Certain forward-looking statements in this MD&A include, but are not limited to the following:

 

pro forma measures including revenue, registered medical patients and grams produced;

the completion of construction of production facilities, associated costs, and receipt of licenses from Health Canada to produce and sell cannabis and cannabis related products from these facilities;

 

the successful integration of CanniMed and MedReleaf into Aurora’s operations;

 

strategic investments and capital expenditures, and related benefits;

 

future growth expansion plans;

 

expectations regarding production capacity, costs and yields; and

 

product sales expectation and corresponding forecasted increase in revenue.

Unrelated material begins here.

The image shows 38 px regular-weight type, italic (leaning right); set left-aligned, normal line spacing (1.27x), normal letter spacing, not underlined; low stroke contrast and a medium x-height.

The above and other aspects of the Company’s anticipated future operations are forward-looking in nature and, as a result, are subject to certain risks and uncertainties. Although the Company believes that the expectations reflected in these forward-looking statements are reasonable, undue reliance should not be placed on them as actual results may differ materially from the forward-looking statements. Such forward-looking statements are estimates reflecting the Company's best judgment based upon current information and involve a number of risks and uncertainties, and there can be no assurance that other factors will not affect the accuracy of such forward-looking statements. Such factors include but are not limited to the Company’s ability to obtain the necessary financing and the general impact of financial market conditions, the yield from marijuana growing operations, product demand, changes in prices of required commodities, competition, government regulations and other risks as set out under “Risk Factors” in the Company’s Annual Information Form dated September 24, 2018 filed on SEDAR at www.sedar.com.